The Admin., all alone with the creepy-crawlies in the shadows, felt that he would soon be murdered; knowing that the improbability of that triumphs over the possibility, he proceeded to answer the health questions on the 10 double-sided pages attached to the clipboard.  When he finished, he had no idea how to convey that to the person who seemed in charge of this joint.  He was about to make a run for it when Disheveled re-entered the room, grabbed the clipboard out of the Admin.’s hands, and exited, slamming the door behind him.
One of those old-fashioned waiting periods commenced for the Admin., in that he had nothing to do but wait since he had accidentally left his phone on his desk, which he realized also would have come in handy if he needed rescuing, but oh well.  He spent the next who-knows-how-long (since he also never wore watches anymore) counting the floor and ceiling tiles several times over and anticipating each time the furnace would roar to life when he heard someone approach the door.  He braced himself to face Disheveled’s Evil Twin, or, perhaps, Disheveled’s Monstrous Parent.
The door opened and a pleasant, well-dressed woman entered, carrying the clipboard.

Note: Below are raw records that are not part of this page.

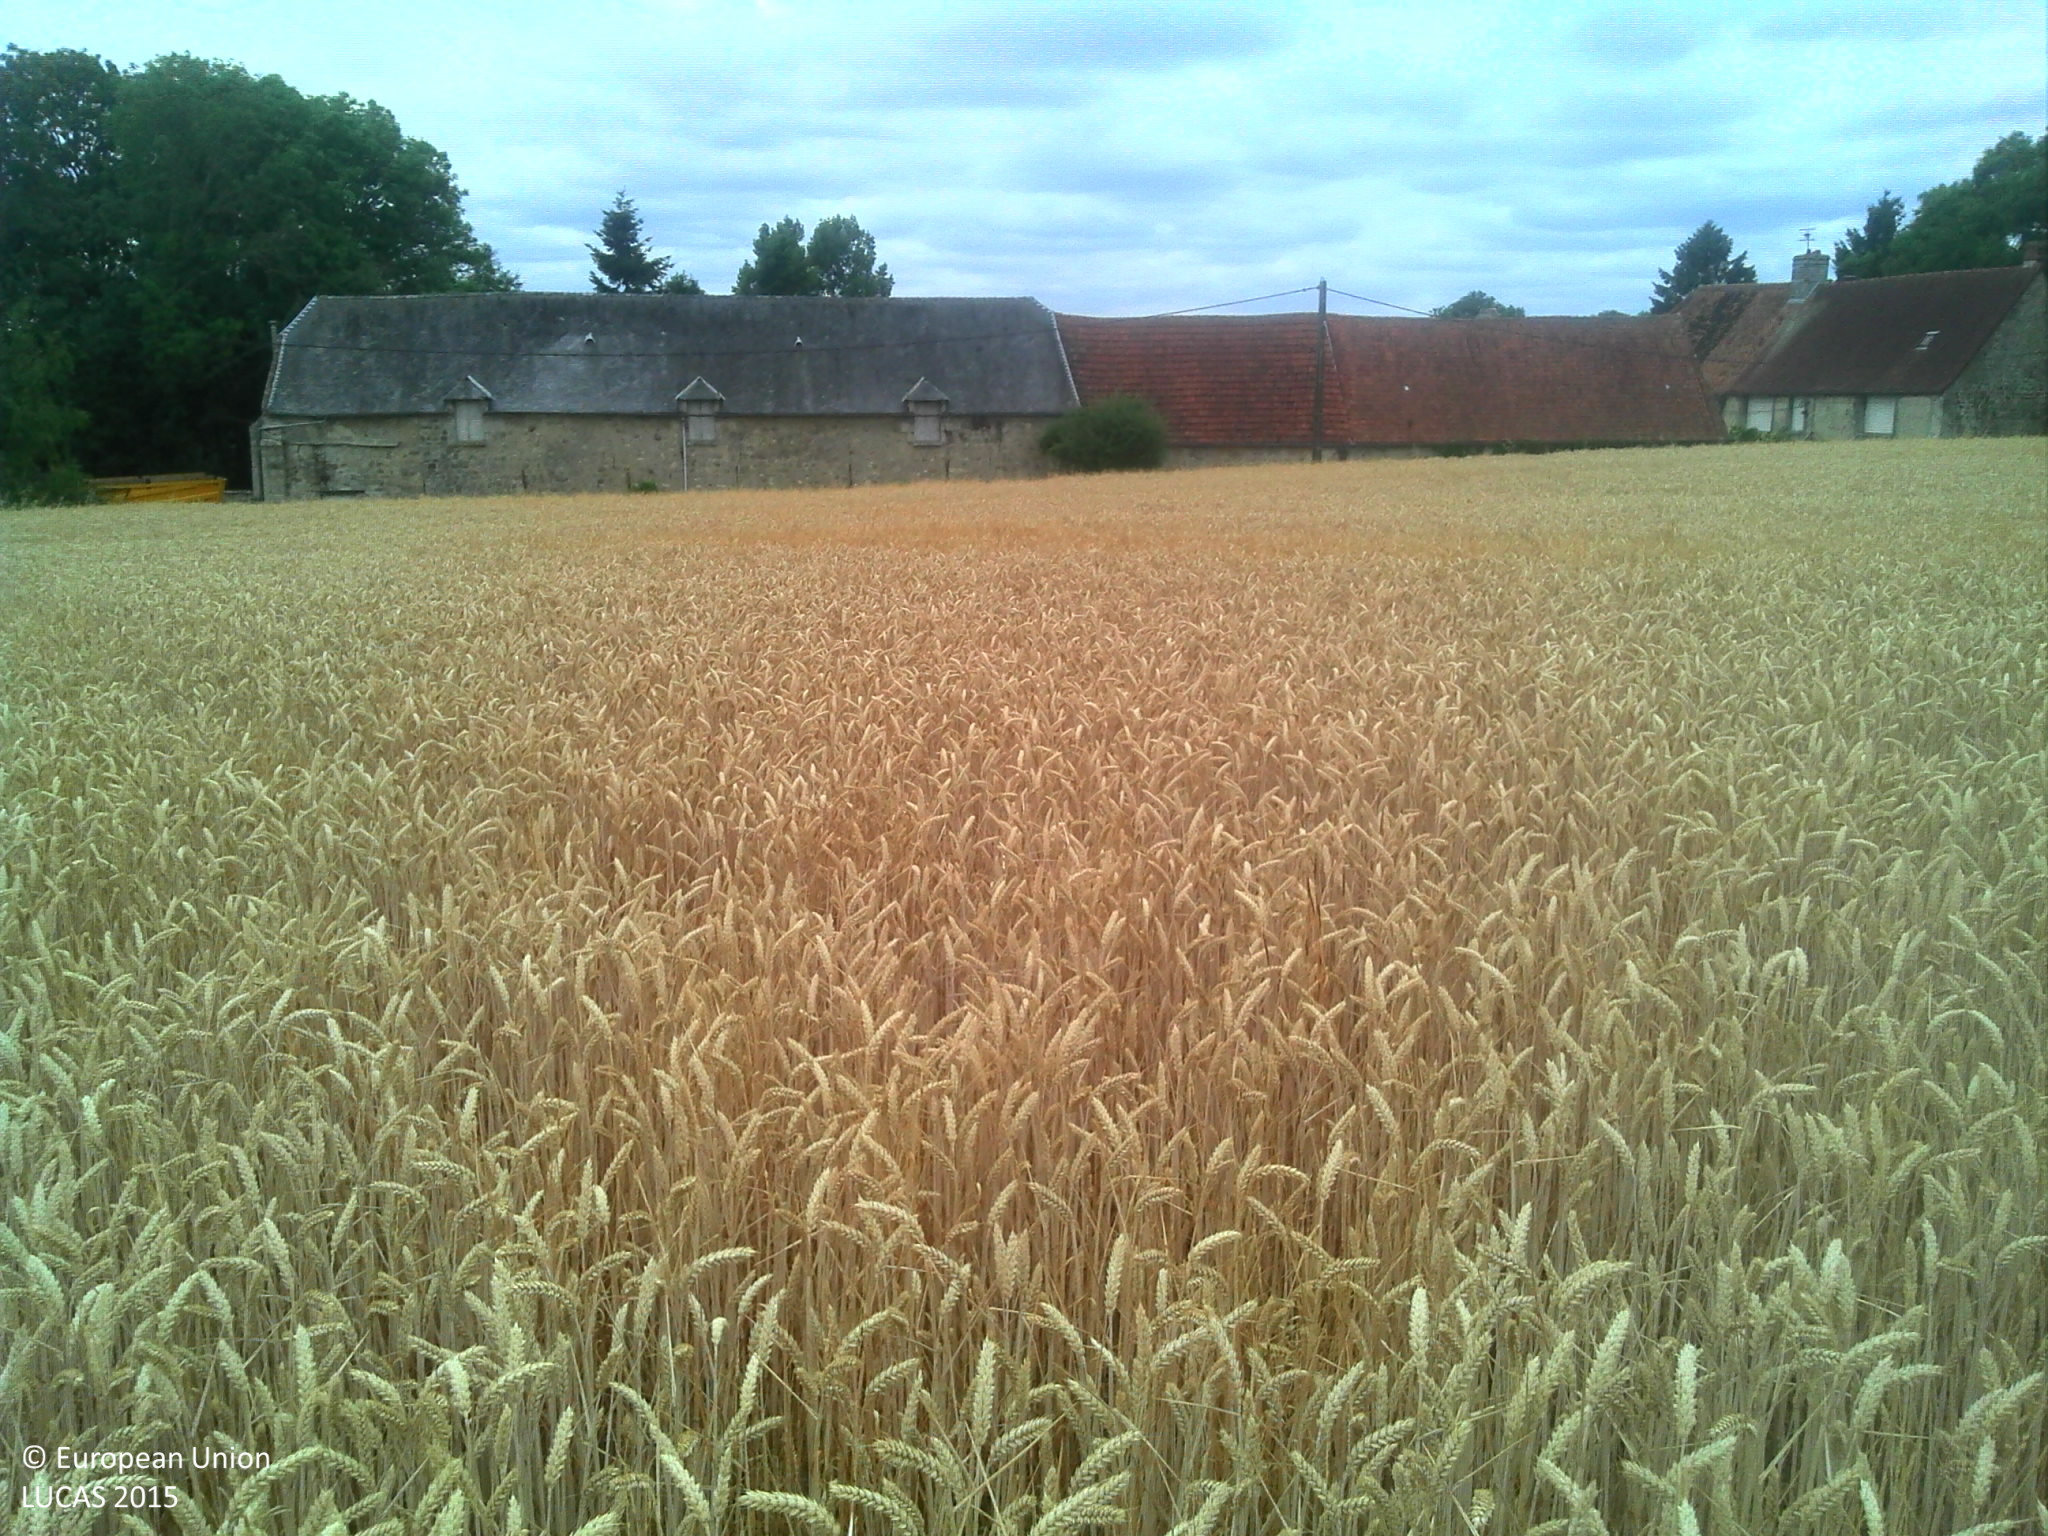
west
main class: Cropland
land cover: Common wheat
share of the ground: > 75 %
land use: Agriculture (excluding fallow land and kitchen gardens)
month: July
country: FR
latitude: 49.2311
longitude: 3.3320

“Hello!”  She shook the Admin.’s hand and sat in the chair across from him.  “Sorry for making you come all the way down here and wait – not the most sanitary of conditions, if you know what I mean, but can’t be helped.”  She flipped through the pages he had completed.
He stared at her.  You’re The Carrier.”
She looked up at him and smiled.  “Oh, that – my title’s actually Supervisor, but my clients tacked that other one on me over the years.  Whatcha gonna do?”  She chuckled, then read from one of the pages: “So, according to this, you’re pretty healthy.”

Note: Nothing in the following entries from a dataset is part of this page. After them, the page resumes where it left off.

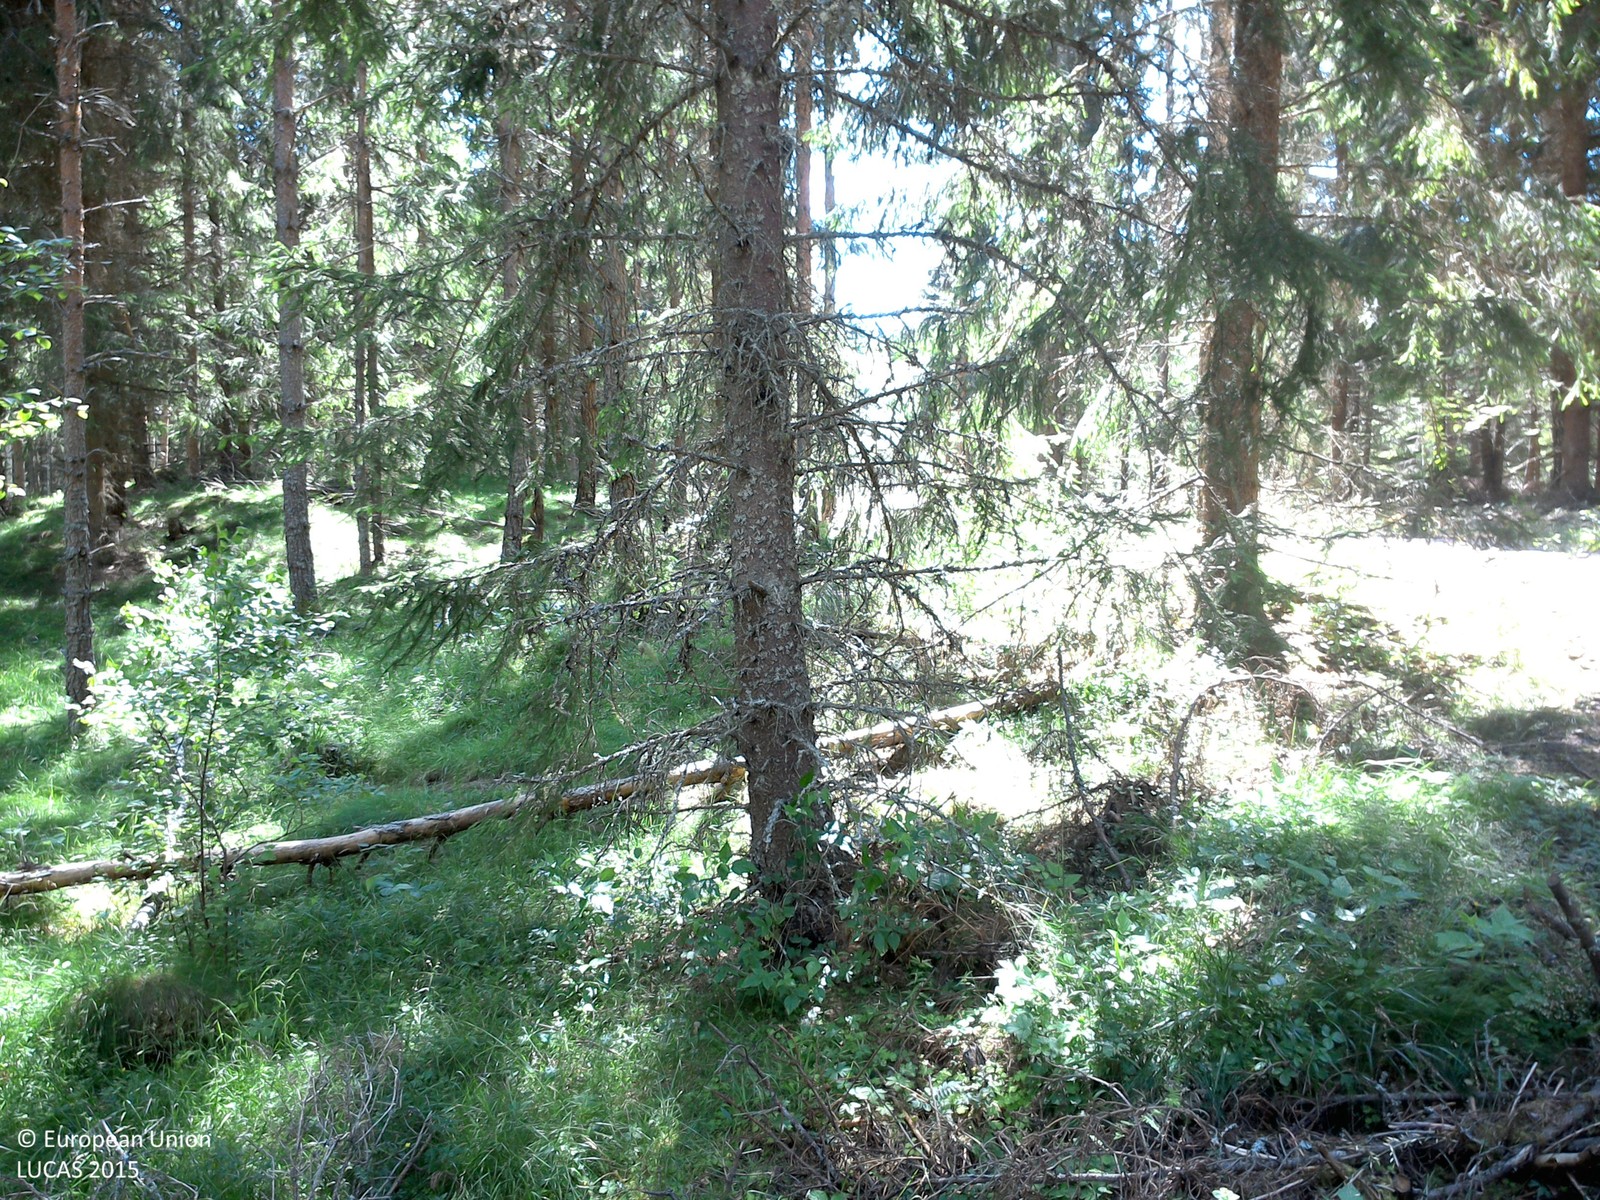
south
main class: Woodland
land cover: Pine dominated coniferous woodland
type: boreal forest
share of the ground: 50 - 75 %
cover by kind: coniferous forest trees 60 %, herbaceous plants 40 %
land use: Forestry
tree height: > 5 m
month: July
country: SE
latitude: 57.8920
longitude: 15.0051

“Unfortunately, yes.  No one’s going to believe I’m sick for five days without any warning unless it’s something really good.  I was thinking the flu – everyone’s got that this year, right?”

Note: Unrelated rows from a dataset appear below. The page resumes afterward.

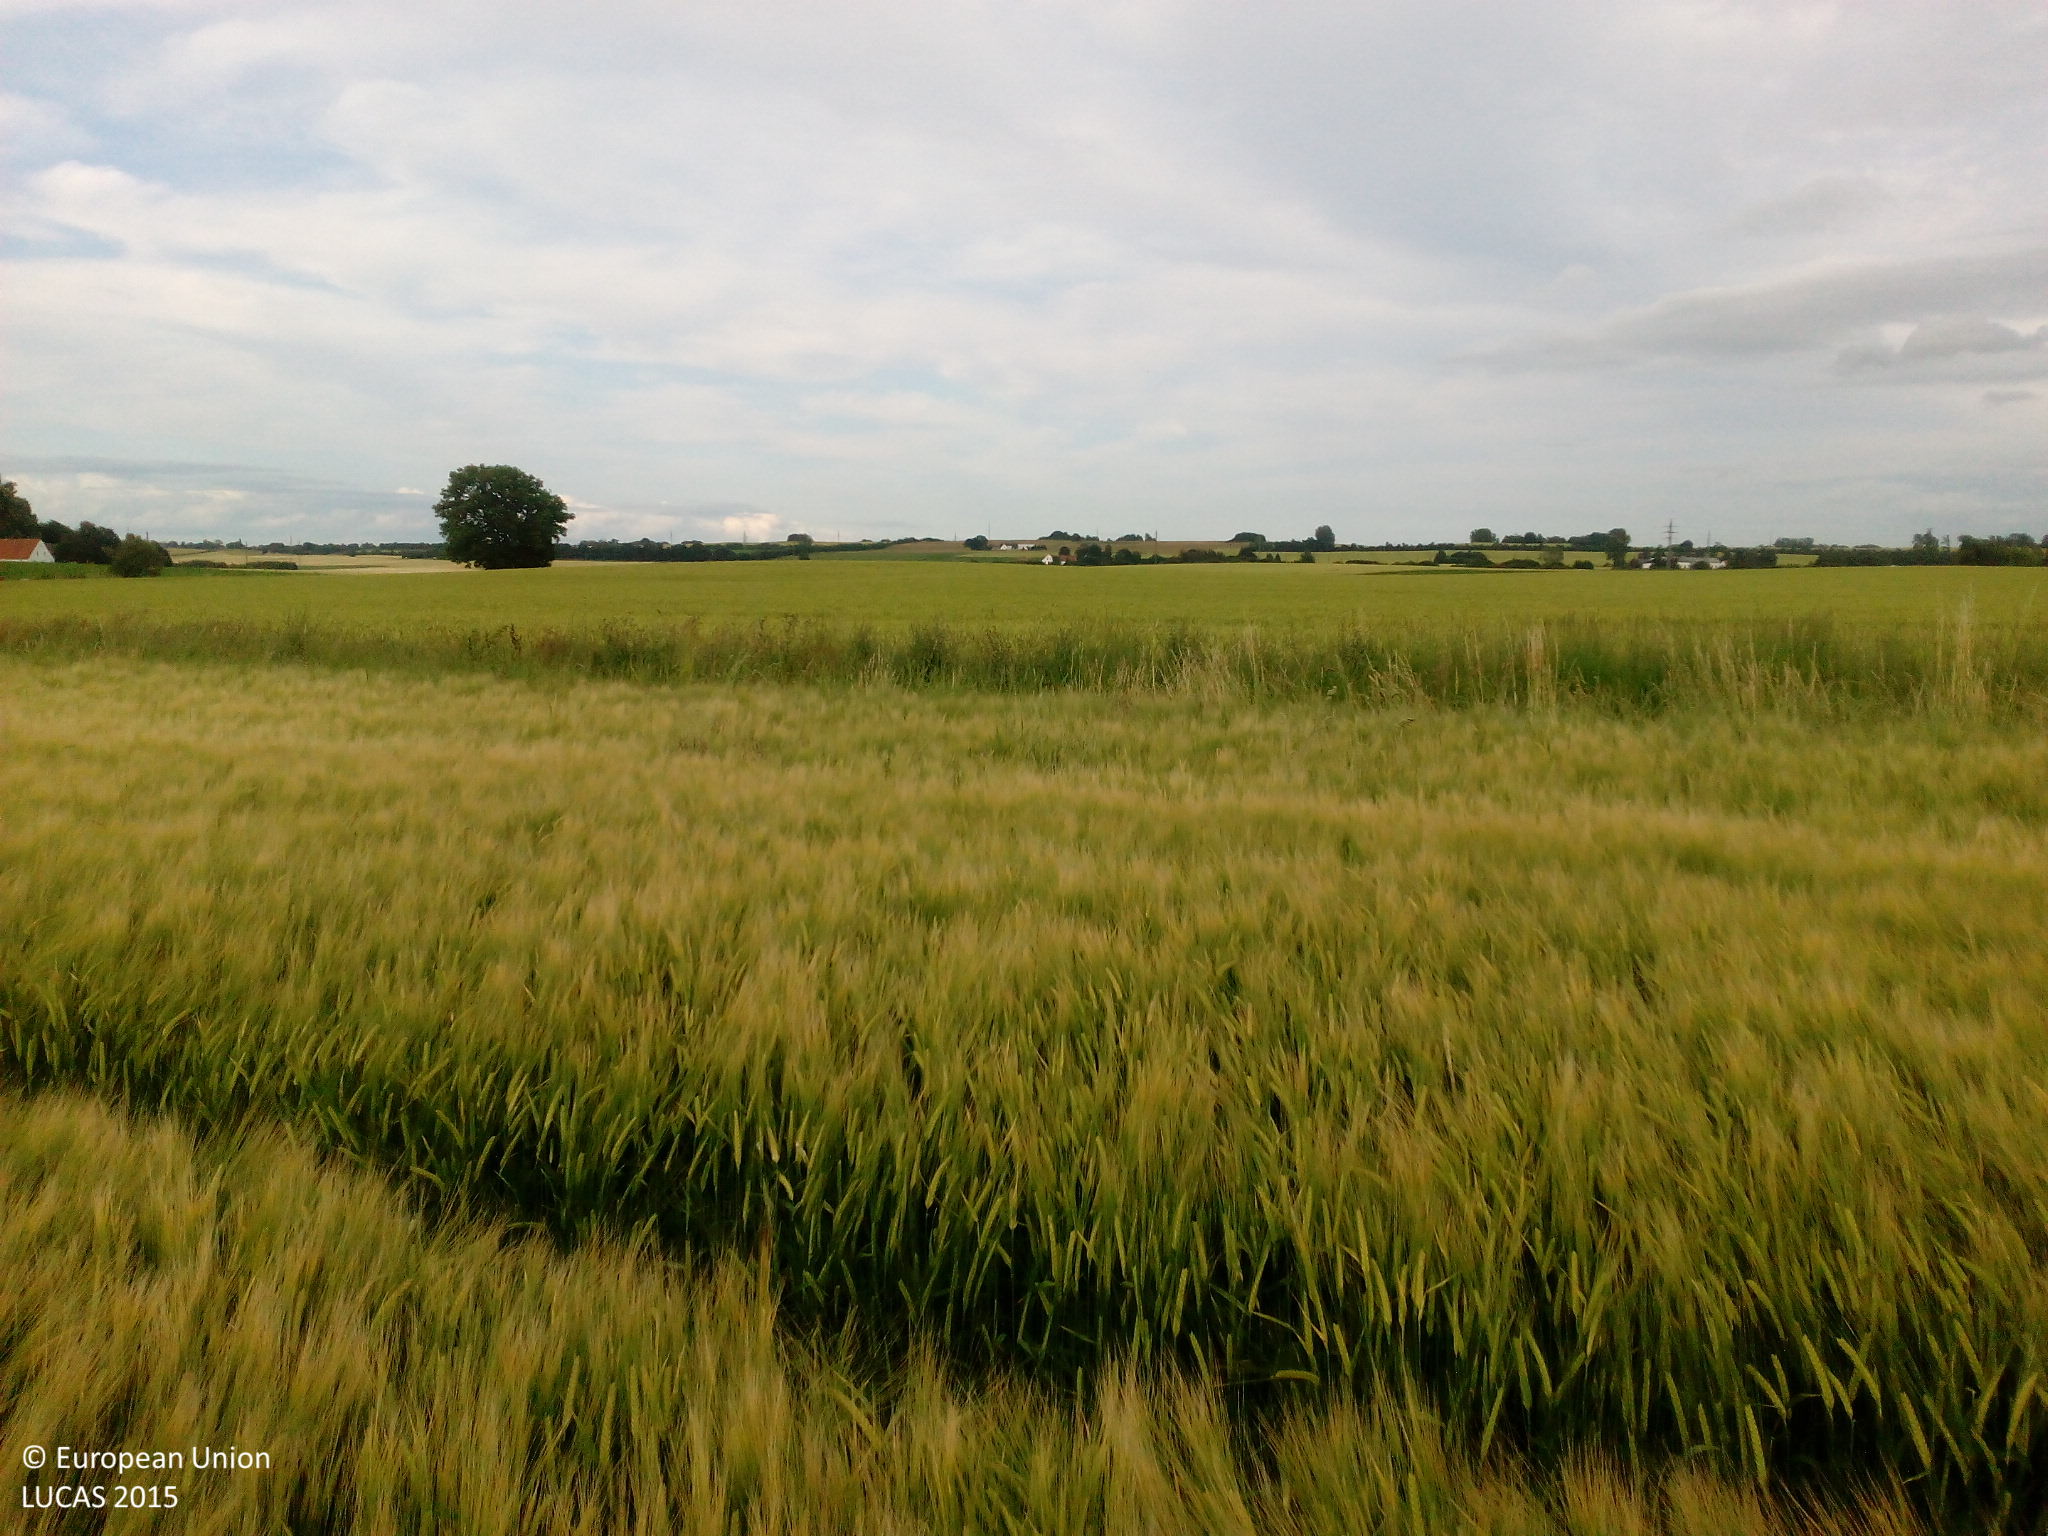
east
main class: Cropland
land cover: Barley
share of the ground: > 75 %
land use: Agriculture (excluding fallow land and kitchen gardens)
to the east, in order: Barley; Shruby margins; Paved roads, cycling and walking lanes; Shruby margins; Common wheat
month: July
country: DK
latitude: 55.3904
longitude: 11.2776

She shook her head.  “No, that’s too much of a wildcard – people die from it, you know, and some of them were pretty healthy themselves.”
“I’ve had it before; I can handle it.”
“Mm-hm, and which strain was it?”
“…There’s more than one?”
She shook her head again.  “Nope, won’t do it; it’ll have to be something else.”
“But I deliberately didn’t get the flu shot this year so I could get some sick days!”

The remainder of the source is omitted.